[Start of Attachment]

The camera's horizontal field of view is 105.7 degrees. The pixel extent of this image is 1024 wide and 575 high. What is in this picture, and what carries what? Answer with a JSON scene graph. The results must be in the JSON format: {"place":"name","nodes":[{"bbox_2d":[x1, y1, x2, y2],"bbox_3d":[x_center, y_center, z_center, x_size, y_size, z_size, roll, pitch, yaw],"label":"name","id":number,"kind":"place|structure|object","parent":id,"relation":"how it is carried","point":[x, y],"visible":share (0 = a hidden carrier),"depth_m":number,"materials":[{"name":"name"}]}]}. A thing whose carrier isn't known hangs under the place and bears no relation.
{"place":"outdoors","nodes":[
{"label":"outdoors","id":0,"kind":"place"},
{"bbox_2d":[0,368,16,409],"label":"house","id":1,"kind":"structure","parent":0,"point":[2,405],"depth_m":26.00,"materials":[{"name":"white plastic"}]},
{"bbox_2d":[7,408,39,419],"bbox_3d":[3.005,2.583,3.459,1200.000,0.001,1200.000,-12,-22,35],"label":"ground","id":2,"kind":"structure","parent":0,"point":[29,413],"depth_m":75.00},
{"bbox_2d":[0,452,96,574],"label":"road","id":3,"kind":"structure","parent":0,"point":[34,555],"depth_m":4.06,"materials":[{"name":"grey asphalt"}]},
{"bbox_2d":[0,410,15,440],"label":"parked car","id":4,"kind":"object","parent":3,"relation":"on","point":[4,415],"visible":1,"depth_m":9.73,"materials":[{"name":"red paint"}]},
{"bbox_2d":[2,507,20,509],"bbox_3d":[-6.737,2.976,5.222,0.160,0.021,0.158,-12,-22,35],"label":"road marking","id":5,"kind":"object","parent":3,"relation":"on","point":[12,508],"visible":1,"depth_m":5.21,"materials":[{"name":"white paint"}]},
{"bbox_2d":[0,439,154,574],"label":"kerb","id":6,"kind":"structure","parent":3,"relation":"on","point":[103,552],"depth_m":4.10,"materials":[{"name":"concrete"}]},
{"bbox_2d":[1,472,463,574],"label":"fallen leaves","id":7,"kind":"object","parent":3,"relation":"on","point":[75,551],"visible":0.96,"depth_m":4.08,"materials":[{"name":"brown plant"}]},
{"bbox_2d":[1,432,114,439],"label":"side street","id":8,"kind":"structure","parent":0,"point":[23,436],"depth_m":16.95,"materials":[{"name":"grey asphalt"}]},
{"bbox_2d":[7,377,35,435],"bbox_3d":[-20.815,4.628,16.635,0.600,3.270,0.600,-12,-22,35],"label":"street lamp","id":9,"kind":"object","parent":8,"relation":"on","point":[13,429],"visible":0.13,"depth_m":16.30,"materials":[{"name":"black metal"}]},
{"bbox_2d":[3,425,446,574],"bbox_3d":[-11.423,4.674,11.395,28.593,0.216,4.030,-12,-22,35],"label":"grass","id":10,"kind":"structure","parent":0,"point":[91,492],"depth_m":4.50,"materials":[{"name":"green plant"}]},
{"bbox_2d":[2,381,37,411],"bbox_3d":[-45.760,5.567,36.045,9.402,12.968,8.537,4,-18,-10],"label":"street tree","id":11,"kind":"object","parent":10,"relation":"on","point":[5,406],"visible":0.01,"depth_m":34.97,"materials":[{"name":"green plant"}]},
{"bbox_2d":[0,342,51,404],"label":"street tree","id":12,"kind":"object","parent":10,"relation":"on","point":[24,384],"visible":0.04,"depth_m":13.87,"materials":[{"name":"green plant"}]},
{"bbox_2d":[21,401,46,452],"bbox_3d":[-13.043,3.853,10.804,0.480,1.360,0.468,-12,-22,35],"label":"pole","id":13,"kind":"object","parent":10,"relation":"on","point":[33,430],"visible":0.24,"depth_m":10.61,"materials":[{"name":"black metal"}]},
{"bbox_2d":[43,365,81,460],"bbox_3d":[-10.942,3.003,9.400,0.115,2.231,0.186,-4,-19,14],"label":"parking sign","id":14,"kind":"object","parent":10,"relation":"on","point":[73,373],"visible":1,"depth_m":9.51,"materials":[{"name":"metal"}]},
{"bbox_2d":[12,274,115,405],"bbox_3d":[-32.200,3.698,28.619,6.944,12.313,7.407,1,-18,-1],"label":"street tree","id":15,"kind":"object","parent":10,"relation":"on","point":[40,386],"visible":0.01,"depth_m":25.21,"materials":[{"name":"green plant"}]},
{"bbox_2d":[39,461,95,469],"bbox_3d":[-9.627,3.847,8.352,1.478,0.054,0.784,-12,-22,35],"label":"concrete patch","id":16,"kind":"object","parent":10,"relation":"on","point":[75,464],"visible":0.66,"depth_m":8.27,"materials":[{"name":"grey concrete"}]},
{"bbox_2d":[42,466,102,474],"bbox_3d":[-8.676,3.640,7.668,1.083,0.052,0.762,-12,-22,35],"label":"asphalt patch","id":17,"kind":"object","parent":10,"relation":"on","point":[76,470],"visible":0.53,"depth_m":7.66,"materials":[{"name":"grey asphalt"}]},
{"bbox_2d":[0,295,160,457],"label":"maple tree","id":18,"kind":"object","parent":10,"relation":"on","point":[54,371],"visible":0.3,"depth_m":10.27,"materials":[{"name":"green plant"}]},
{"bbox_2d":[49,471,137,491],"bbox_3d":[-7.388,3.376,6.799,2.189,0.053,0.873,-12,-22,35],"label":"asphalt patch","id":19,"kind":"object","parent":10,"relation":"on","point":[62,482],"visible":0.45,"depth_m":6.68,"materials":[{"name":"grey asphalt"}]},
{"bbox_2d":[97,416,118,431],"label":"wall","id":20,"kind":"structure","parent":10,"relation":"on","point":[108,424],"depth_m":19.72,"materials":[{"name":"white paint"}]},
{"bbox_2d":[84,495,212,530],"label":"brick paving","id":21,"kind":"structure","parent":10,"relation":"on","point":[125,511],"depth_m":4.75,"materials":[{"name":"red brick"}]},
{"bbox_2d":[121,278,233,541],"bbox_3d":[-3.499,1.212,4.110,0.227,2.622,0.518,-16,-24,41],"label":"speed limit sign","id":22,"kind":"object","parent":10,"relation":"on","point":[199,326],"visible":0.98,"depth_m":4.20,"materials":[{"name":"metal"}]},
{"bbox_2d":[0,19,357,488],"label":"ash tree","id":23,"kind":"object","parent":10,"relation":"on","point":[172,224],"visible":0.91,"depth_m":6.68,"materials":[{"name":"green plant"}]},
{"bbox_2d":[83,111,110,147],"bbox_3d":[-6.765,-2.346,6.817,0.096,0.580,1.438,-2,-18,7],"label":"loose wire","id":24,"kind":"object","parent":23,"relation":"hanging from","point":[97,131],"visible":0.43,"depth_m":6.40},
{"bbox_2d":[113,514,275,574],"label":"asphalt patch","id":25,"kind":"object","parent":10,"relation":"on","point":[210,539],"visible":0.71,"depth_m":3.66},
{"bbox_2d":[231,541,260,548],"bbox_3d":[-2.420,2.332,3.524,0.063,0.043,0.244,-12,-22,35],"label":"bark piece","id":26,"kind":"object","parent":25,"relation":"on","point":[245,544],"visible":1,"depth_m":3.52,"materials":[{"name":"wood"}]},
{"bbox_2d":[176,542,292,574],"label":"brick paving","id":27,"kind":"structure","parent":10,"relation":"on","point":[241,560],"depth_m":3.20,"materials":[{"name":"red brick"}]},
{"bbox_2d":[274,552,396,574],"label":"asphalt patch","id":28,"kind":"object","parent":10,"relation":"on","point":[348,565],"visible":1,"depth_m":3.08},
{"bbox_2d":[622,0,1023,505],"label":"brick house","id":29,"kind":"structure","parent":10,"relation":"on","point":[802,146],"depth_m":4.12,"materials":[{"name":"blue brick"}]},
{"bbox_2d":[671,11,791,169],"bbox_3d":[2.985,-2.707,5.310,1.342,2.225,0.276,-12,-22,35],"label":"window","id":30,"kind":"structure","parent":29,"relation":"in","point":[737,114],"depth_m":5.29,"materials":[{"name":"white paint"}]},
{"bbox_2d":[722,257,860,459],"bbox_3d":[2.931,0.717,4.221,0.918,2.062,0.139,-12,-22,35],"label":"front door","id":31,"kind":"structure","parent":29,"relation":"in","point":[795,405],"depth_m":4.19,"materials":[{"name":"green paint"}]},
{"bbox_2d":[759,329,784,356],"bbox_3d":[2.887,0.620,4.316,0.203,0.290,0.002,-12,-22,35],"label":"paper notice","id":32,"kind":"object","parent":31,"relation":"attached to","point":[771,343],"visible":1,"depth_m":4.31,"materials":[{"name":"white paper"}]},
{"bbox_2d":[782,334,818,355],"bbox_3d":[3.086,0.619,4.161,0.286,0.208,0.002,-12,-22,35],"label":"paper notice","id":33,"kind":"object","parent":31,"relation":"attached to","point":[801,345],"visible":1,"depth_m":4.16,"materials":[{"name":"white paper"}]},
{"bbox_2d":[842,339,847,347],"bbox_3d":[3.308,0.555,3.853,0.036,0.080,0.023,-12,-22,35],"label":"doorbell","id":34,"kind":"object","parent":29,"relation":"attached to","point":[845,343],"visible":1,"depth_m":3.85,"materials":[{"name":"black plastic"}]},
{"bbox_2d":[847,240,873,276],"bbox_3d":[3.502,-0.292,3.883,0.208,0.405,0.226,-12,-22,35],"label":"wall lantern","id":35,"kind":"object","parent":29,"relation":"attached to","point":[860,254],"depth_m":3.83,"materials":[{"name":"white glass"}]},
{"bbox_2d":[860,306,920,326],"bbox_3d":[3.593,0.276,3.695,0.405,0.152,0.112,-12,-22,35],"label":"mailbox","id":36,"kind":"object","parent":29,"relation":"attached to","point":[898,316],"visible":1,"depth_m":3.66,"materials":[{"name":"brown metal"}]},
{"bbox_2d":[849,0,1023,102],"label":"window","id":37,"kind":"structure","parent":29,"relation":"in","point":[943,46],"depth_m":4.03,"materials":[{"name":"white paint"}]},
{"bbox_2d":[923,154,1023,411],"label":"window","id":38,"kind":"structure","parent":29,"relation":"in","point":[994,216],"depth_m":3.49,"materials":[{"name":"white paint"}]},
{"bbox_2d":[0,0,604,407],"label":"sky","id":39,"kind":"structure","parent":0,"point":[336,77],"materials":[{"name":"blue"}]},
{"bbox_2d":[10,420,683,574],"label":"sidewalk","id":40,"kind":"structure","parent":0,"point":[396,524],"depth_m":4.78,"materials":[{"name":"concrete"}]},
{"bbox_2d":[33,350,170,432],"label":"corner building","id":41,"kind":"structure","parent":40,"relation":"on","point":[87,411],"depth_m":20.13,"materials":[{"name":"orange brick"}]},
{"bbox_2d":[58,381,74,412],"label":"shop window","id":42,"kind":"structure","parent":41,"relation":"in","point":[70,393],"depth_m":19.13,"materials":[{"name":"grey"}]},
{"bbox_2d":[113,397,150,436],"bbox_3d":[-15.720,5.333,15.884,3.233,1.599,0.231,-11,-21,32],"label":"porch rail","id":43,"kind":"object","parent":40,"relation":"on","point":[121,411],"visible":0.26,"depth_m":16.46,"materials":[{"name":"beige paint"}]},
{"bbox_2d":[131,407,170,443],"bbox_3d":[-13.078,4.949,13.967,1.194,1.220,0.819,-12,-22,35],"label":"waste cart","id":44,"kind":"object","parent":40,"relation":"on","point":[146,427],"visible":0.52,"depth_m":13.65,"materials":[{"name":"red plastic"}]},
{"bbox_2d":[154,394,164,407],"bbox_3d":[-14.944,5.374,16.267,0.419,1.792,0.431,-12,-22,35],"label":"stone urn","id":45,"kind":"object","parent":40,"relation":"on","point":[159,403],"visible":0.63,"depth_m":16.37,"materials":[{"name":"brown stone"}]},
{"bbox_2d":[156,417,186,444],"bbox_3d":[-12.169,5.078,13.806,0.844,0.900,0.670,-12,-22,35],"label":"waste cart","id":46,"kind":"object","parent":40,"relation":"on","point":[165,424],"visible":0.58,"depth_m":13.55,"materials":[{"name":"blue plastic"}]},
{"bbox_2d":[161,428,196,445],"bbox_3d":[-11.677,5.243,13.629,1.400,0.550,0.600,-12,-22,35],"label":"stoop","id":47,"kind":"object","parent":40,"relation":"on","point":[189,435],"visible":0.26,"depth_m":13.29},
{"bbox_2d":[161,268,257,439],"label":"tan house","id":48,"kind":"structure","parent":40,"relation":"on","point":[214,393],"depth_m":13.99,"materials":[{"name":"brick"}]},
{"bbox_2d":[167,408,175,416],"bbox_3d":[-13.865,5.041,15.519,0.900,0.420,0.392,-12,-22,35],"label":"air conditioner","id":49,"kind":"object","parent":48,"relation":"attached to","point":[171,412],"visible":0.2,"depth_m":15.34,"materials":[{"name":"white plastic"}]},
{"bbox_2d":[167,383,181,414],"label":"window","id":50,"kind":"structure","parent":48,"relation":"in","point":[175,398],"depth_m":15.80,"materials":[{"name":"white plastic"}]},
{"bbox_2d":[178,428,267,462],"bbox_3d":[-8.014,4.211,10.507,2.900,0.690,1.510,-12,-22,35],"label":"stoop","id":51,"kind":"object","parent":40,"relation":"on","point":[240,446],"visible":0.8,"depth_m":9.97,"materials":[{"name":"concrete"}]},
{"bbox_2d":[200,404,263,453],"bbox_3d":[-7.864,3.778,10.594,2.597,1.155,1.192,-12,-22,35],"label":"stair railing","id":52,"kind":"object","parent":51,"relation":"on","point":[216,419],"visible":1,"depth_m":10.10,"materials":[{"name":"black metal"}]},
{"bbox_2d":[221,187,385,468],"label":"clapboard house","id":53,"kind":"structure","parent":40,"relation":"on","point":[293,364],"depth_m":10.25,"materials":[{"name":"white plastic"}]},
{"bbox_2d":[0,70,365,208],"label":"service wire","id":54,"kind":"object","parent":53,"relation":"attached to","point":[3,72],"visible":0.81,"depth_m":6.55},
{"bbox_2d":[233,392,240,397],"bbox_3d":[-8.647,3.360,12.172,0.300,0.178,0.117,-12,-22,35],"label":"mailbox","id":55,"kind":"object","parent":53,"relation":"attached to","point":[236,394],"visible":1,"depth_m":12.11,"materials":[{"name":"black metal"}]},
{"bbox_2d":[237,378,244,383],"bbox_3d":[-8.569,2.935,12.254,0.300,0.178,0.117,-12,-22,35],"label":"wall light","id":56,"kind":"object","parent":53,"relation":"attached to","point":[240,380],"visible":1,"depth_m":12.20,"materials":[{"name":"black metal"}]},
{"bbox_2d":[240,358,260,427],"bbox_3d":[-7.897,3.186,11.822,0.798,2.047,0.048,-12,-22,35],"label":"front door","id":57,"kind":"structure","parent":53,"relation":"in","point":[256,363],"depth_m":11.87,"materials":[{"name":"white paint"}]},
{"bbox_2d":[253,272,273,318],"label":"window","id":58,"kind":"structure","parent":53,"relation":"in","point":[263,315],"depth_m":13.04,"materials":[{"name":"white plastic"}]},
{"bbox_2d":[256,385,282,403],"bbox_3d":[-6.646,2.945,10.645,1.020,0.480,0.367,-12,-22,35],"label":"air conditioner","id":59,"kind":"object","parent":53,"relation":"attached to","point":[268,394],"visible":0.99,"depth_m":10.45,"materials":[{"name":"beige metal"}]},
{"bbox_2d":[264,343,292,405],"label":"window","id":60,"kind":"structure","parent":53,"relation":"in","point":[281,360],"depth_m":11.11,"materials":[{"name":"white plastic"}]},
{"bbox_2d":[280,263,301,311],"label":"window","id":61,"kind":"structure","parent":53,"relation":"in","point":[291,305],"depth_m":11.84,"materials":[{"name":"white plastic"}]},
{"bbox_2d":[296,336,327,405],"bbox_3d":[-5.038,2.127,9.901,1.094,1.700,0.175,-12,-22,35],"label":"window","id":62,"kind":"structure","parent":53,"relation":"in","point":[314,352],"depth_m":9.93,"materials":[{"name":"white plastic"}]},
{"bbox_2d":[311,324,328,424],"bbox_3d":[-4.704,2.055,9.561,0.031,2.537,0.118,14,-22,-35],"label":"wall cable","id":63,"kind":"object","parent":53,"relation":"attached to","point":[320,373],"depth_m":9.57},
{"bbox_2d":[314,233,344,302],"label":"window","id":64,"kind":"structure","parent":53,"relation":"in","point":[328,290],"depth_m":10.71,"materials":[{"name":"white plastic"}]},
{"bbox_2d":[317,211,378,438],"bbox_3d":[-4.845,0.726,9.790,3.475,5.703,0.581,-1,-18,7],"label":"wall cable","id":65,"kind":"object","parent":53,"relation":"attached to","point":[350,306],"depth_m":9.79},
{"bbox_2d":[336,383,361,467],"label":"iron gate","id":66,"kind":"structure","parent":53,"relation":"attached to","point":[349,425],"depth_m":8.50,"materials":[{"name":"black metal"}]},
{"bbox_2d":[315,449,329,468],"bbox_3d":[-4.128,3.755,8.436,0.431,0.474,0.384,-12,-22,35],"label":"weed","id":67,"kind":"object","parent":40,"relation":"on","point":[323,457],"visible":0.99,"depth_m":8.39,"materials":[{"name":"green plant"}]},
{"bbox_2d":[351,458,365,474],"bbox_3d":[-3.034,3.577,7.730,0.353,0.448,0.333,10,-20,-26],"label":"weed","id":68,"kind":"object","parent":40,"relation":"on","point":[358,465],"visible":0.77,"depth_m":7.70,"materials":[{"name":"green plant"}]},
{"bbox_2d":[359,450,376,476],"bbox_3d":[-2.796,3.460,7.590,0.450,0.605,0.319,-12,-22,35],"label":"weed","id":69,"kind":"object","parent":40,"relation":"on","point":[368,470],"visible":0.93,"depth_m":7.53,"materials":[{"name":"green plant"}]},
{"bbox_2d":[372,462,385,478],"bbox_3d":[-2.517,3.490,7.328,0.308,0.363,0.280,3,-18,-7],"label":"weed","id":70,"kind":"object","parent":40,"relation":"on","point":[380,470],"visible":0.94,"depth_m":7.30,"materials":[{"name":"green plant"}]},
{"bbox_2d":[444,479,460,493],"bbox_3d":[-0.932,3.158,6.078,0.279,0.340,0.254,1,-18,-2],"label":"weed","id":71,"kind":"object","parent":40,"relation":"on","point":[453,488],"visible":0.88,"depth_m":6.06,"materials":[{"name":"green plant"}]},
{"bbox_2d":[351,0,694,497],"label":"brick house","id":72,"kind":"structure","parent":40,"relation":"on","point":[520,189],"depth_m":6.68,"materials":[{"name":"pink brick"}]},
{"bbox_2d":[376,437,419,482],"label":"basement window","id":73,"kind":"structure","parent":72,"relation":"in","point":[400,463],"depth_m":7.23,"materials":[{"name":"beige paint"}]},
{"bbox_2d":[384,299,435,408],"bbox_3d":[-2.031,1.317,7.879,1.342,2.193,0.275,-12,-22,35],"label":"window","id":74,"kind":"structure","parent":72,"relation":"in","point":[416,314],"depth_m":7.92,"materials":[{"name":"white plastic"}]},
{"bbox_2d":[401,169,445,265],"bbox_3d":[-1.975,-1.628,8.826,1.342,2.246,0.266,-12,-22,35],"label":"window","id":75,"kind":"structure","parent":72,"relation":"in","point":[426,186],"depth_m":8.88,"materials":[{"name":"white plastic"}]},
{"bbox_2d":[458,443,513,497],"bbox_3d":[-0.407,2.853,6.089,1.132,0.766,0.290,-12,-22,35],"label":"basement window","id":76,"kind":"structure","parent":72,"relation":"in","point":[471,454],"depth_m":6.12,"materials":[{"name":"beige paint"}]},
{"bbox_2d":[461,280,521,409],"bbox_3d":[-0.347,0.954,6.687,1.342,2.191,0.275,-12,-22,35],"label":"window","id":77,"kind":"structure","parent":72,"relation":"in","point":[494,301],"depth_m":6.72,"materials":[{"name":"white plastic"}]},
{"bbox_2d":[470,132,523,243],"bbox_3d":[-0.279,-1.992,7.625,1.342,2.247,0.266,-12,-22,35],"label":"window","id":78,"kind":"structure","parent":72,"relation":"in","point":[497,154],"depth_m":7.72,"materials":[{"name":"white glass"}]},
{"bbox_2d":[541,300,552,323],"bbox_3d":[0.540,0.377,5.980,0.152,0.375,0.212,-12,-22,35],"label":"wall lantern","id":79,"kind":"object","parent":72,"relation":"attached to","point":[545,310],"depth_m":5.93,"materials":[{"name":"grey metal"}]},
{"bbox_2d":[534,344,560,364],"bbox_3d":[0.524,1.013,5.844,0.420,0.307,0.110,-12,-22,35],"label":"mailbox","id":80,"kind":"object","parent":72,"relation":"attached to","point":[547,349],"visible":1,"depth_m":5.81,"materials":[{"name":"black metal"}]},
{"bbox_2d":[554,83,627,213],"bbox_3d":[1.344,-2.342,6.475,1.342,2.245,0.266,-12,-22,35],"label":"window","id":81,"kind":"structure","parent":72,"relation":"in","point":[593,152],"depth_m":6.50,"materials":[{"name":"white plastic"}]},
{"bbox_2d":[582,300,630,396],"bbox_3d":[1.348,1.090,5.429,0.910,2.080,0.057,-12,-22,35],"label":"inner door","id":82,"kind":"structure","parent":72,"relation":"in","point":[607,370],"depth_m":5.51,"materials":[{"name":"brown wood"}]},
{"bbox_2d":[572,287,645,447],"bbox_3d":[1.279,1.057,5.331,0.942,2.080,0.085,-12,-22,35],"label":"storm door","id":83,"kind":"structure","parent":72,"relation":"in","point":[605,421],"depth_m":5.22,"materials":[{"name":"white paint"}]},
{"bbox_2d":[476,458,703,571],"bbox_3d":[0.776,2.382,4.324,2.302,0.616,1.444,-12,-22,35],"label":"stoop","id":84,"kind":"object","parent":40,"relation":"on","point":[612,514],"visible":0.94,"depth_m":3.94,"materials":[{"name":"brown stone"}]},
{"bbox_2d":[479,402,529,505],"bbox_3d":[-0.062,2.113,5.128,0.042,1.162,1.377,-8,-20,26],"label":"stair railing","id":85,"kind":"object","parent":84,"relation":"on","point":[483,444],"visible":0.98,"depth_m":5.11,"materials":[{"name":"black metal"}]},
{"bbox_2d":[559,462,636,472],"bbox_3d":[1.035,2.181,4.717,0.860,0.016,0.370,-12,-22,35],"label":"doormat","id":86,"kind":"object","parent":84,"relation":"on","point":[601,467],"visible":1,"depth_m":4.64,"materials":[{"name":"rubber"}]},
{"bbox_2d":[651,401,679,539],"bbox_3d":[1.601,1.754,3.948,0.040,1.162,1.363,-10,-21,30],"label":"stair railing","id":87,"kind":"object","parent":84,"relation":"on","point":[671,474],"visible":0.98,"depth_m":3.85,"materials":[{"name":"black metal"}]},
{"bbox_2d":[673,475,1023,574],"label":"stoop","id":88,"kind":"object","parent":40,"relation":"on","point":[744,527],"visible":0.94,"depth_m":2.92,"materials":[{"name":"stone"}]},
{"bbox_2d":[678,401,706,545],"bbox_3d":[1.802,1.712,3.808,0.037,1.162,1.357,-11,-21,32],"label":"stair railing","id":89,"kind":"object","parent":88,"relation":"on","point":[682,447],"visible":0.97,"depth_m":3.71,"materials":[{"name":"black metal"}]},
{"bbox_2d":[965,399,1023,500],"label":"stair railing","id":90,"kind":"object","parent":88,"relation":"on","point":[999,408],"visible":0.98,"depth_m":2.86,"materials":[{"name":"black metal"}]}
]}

[End of Attachment]

▶ Task directions: Filter the records above down to the lines that hold the string "outdoors".

▶ Output for this exercise:
{"place":"outdoors","nodes":[
{"label":"outdoors","id":0,"kind":"place"},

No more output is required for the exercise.